Они быстро шли к станции. Рейбайрн изо всех сил старался идти не качаясь, но его большие непослушные ноги то и дело скользили по мокрым булыжникам мостовой.
— Ох и не везет же мне, черт возьми, — мрачно заметил он. — Проклятая армия! Ну что это за жизнь? Ни за что не дадут тебе согрешить даже самую малость.
— Вы глупейшие болваны, — упрекнул их Дэмон. Он все еще не решил, то ли по-настоящему рассердиться и наказать их, то ли превратить все в шутку. — Неужели вы думали, что сможете спокойно пройти в этой форме мимо пары дотошных полицейских и пробраться к этим кошечкам?
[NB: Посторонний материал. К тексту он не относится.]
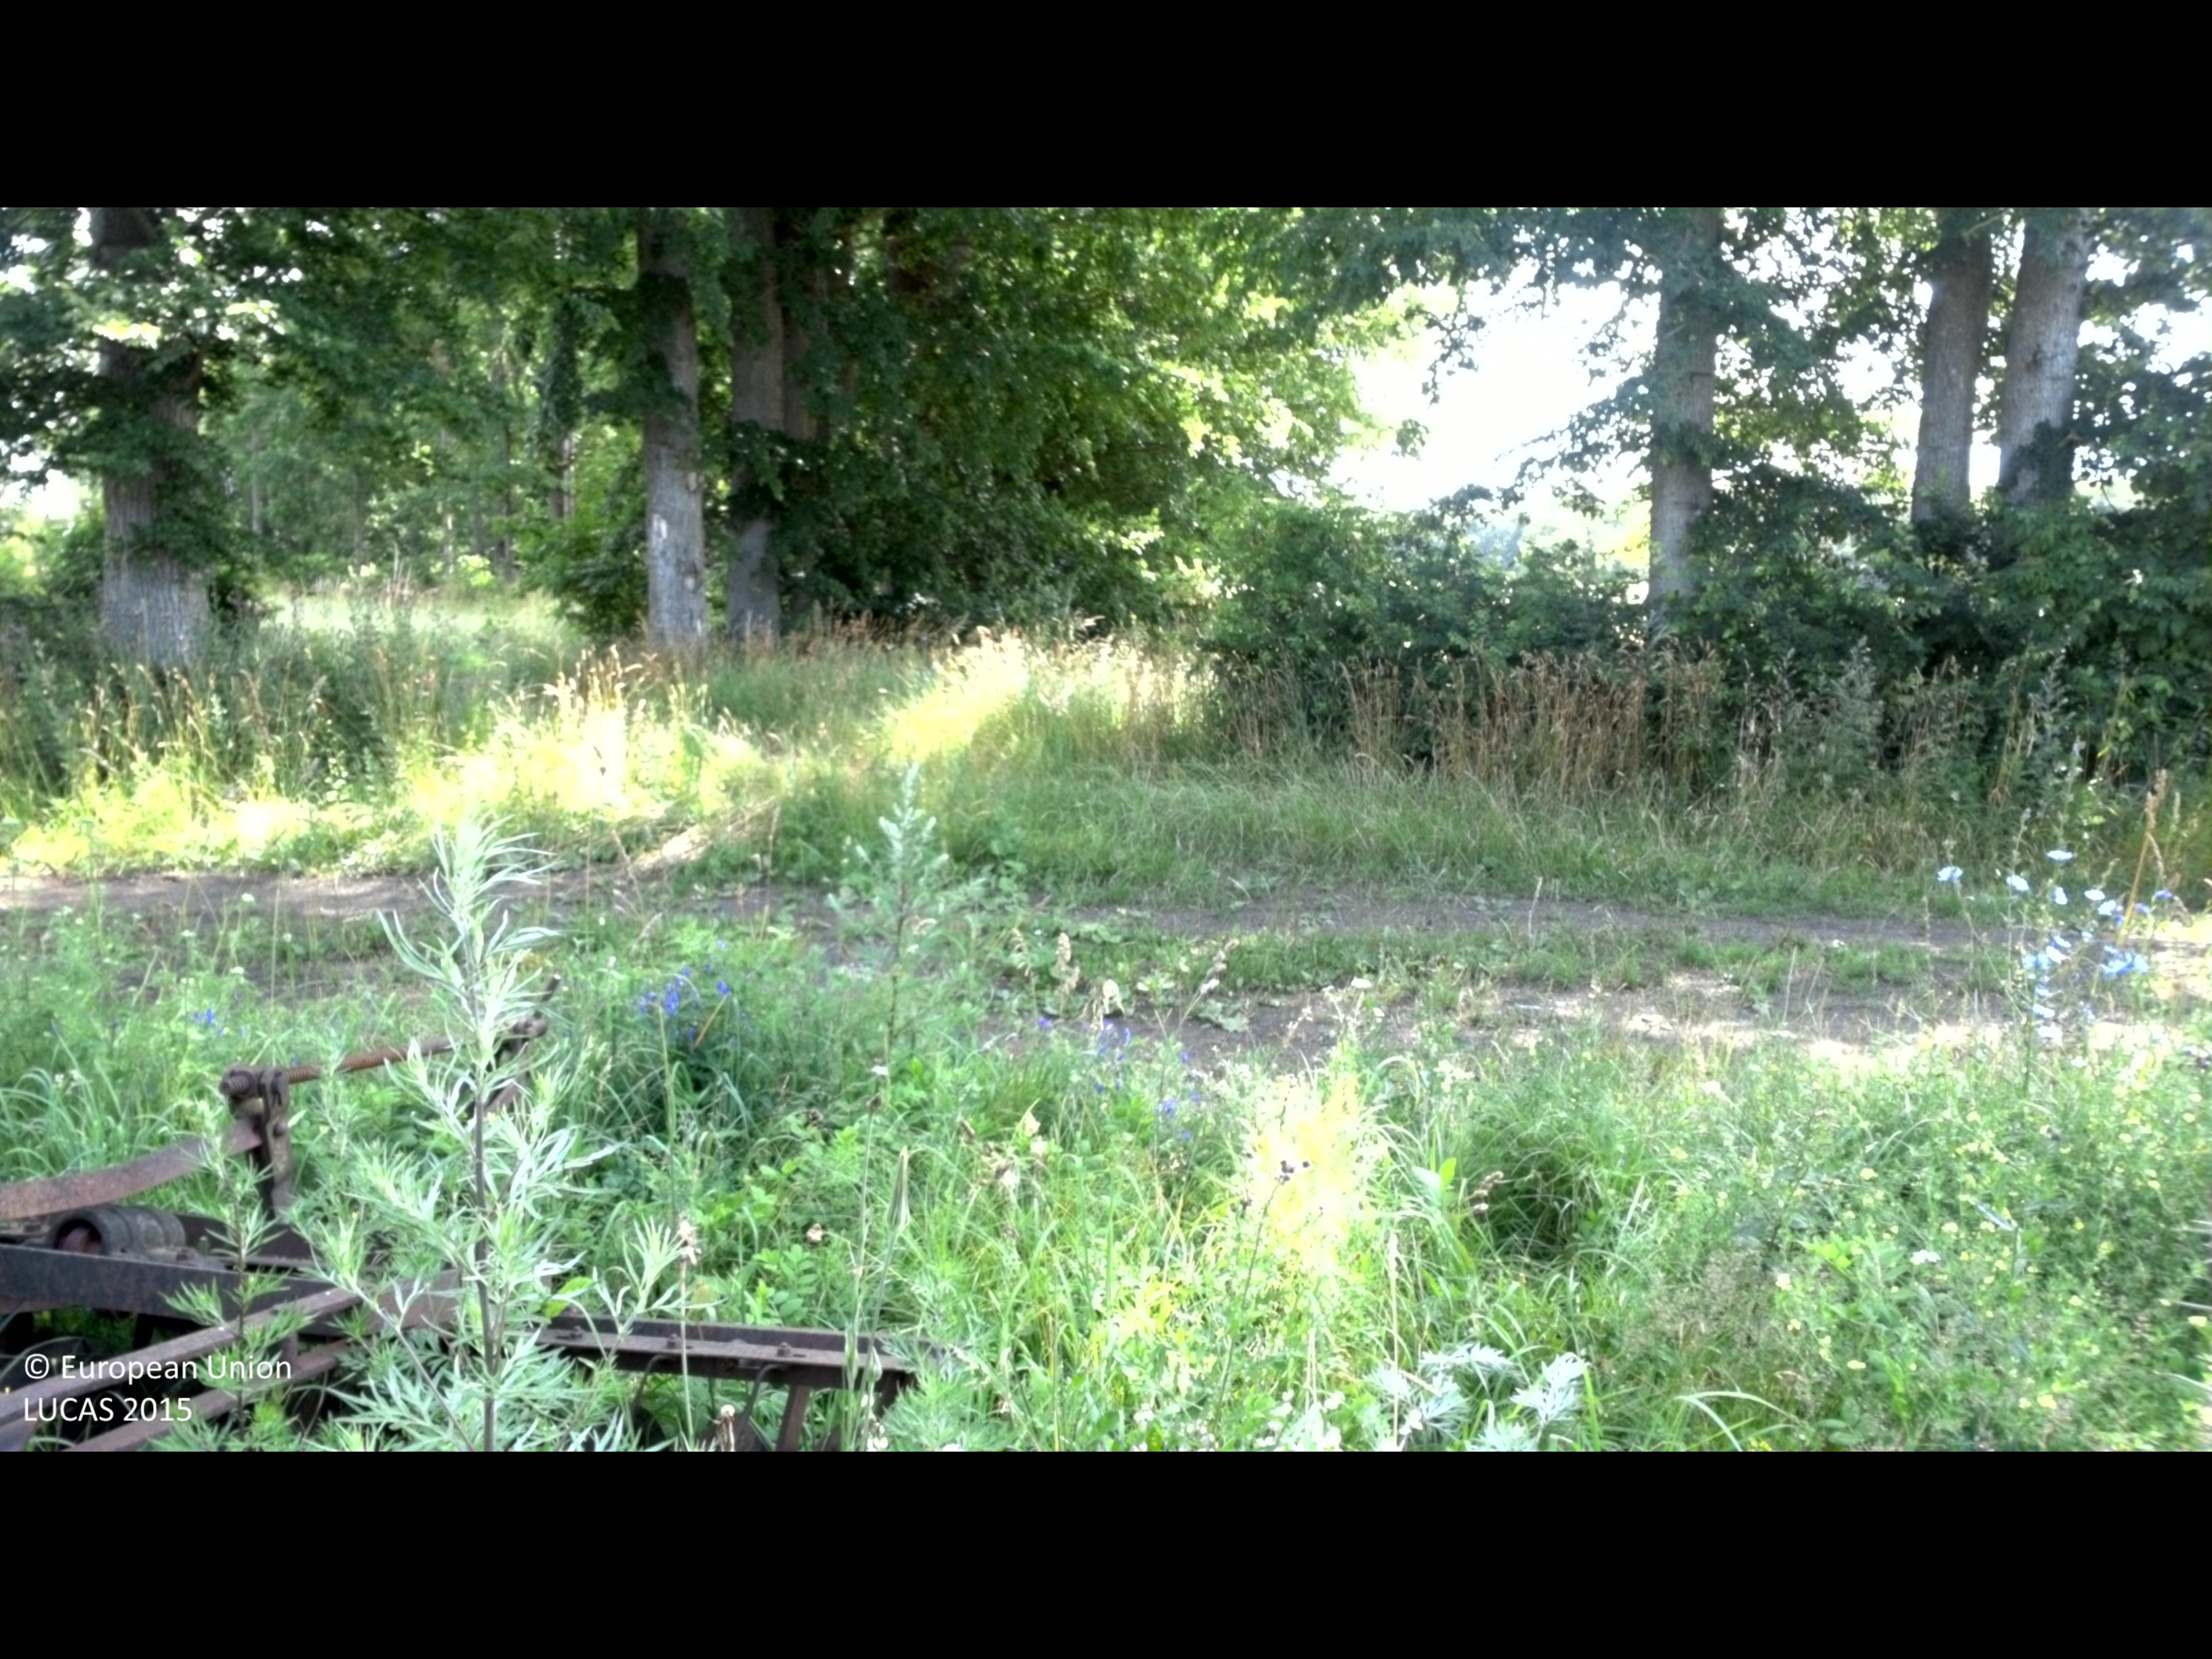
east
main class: Woodland
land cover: Broadleaved woodland
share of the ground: > 75 %
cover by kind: broadleaved forest trees 75 %, shrubs 20 %, herbaceous plants 5 %
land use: Semi-natural and natural areas not in use
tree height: > 5 m
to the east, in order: Ditches and canals; Grass margins; Tracks; Broadleaved woodland; Rape and turnip rape; Dry stone walls; Grass margins; Tracks
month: July
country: SE
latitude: 56.4768
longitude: 16.4471

А не боитесь вы подхватить что-нибудь от них?
— Э-э, нет, капитан, у меня кое-что есть против этого. — Рейбайрн сунул руку в карман и вытащил из него какой-то маленький, едва видимый в темноте шарик. — Это конский каштан, его дал мне дедушка Клит, — пояснил он.
— Ну и что же, зачем он тебе нужен-то? — поинтересовался Тсонка.
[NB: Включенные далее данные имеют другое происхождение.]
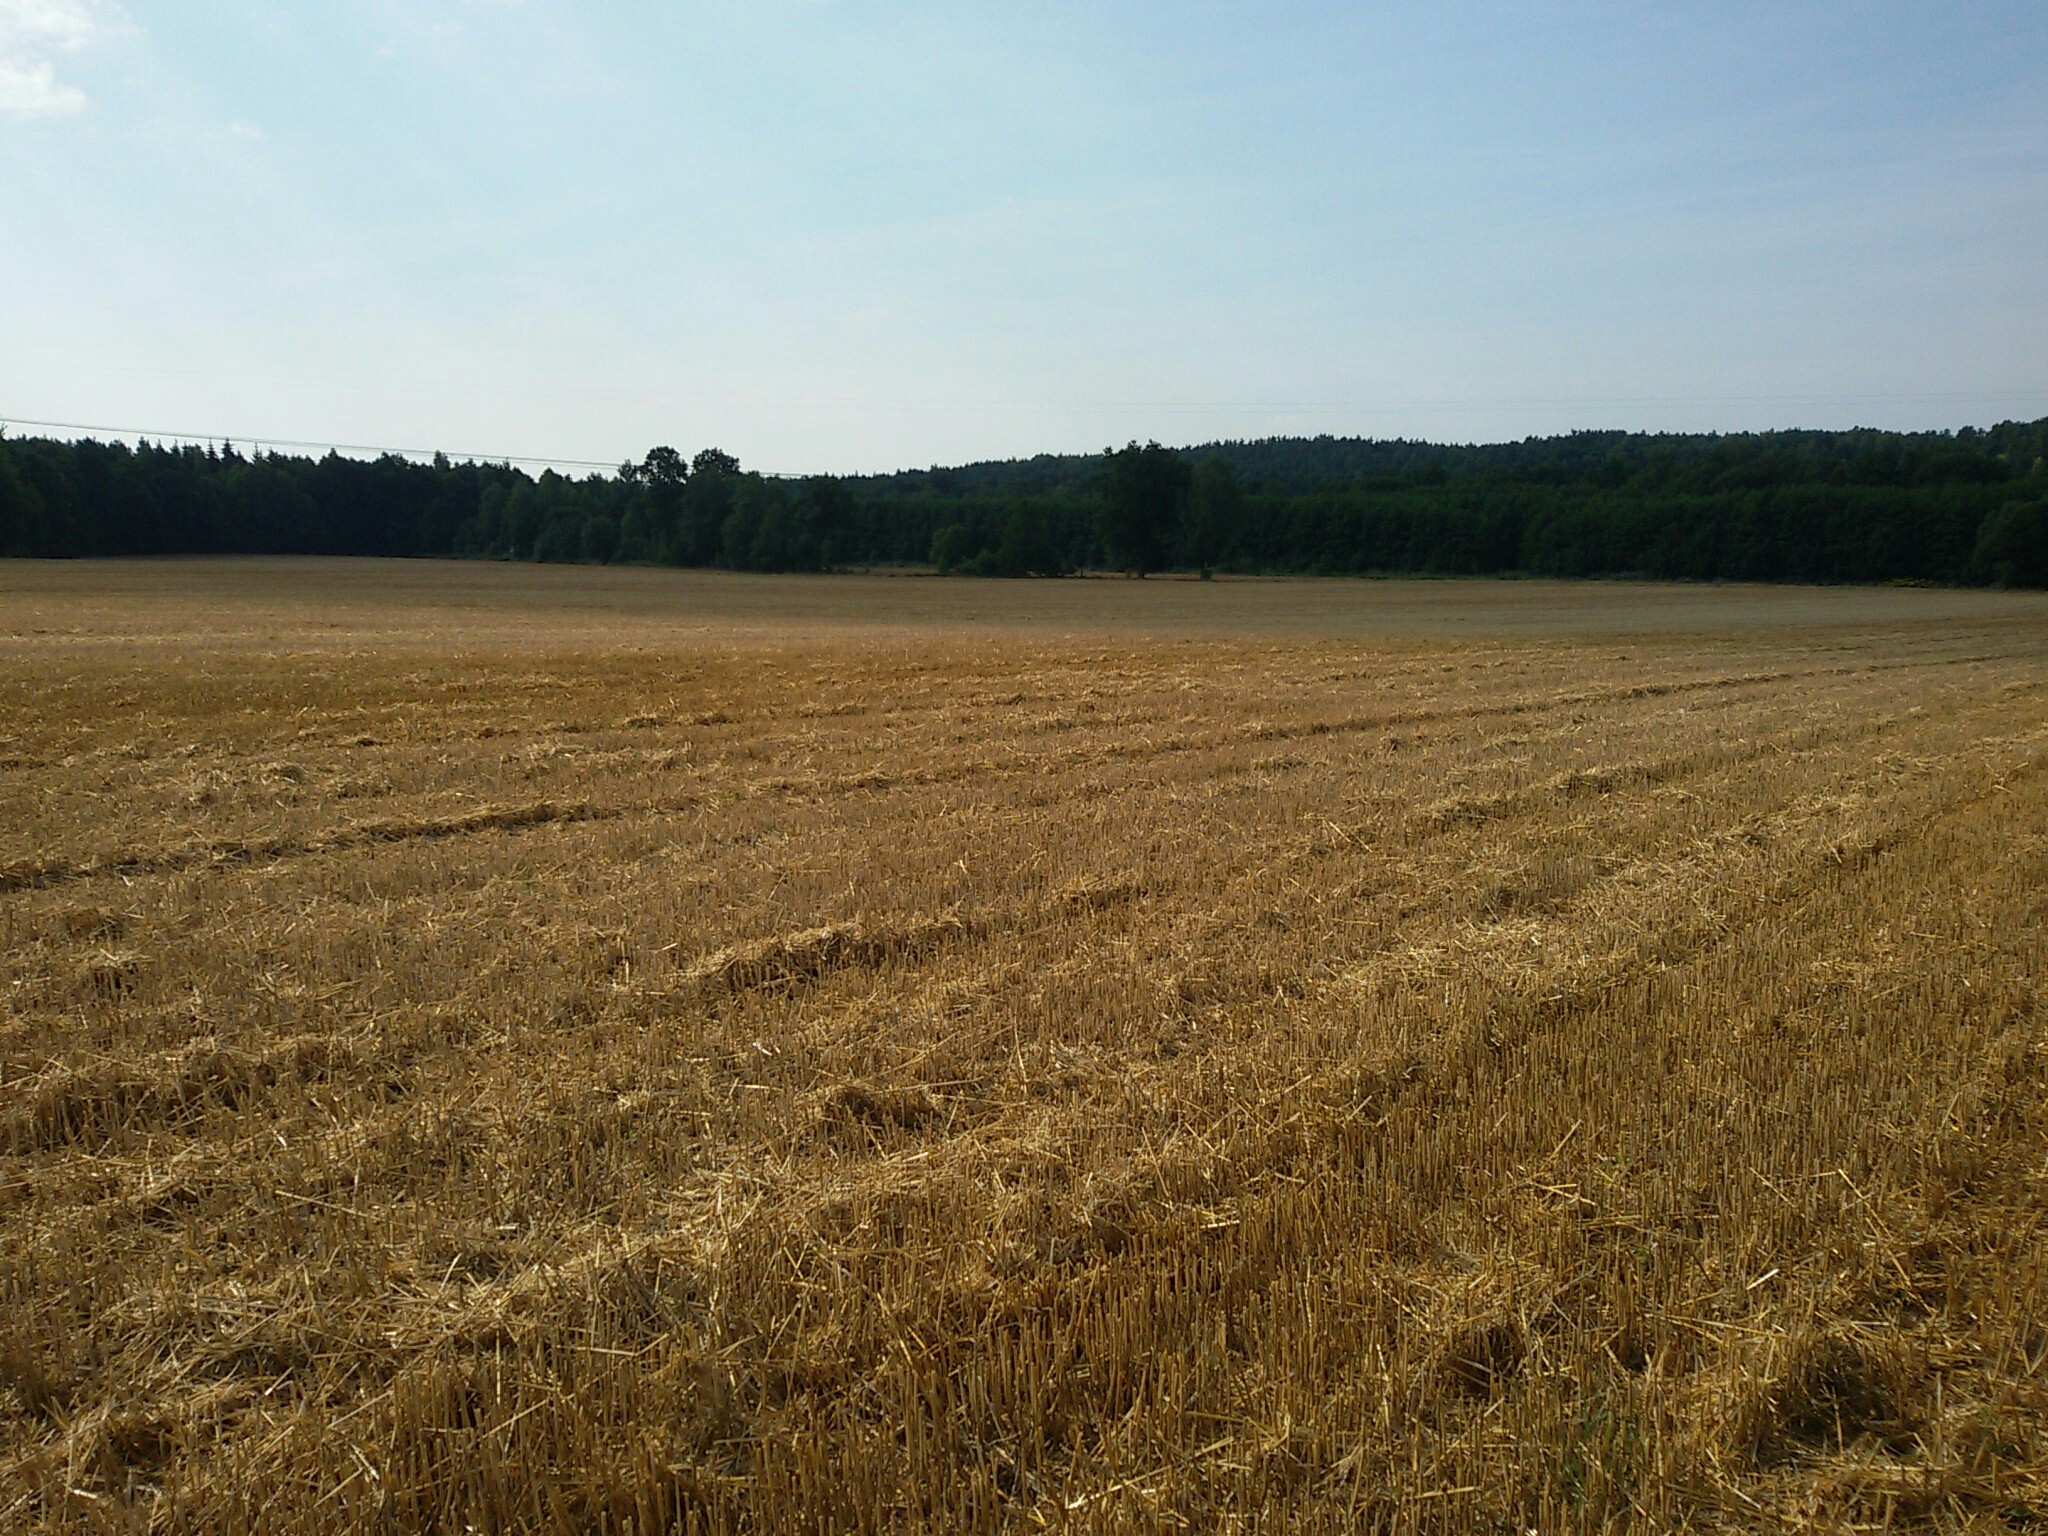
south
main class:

— Э-э, Майк, ты ничего в этом деле не понимаешь. Он противобактерийный… Ну, знаешь, как корень хинного дерева. Видишь на нем пятнышко? Это… — Каштан выскользнул из его пальцев и покатился по булыжникам. Разыскивая его, Рейбайрн опустился на четвереньки. — Видишь, капитан, это он хочет попасть в почву, чтобы вырасти.
— Не дурачься, Реб, пошли, пошли!
— Не могу же я оставить здесь дедушкин талисман.
— К черту талисман, Рейбайрн, пошли!
— Капитан, я ношу его около сердца еще с того боя в Бриньи…
Дэмон проворчал что-то, достал из кармана фонарик и осветил булыжники, похожие на маленькие высохшие буханки хлеба.
— Ну вот он, поднимай и пошли, пошли…
Кафе было такое же, как и то, в котором они недавно сидели, безвкусно раскрашенное, переполненное народом, в клубах табачного дыма. Вокруг маленьких столиков множество солдат, они ноют песни, о чем-то спорят или просто сидят, нахмурив брони и устремив неподвижный взгляд в пространство. Позади стойки-мрачная, непривлекательная, холодная, словно каменная статуя, женщина.
— Здесь есть черный ход, давайте пройдем через него, капитан, — предложил Тсонка.
Французских солдат они нашли в одной из двух задних комнат, те сидели и пили вино прямо из горлышка бутылки. Дэмон узнал их сразу. В американской форме они чувствовали себя совершенно свободно, хотя она и висела на них мешком. Когда французы увидели подходивших к ним Дэмона и уже знакомых им Тсонку и Рейбайрна, в их глазах появился испуг. Они вскочили на ноги и замерли в ожидании.
— Та-ак, — протянул Дэмон и прикрыл ногой дверь, — ну что ж, давайте быстренько меняйтесь обратно.
Взгляд Рейбайрна остановился на бутылке с вином.
— Прямо сию же минуту, капитан? — удивился он.
— Нет, весной, в апреле. Тот из вас, кто потратит на все переодевание больше трех минут, будет наказан властью командира роты. — Он повторил то же самое в свободном переводе для французских солдат, посмотрел на часы и скомандовал: — Начали!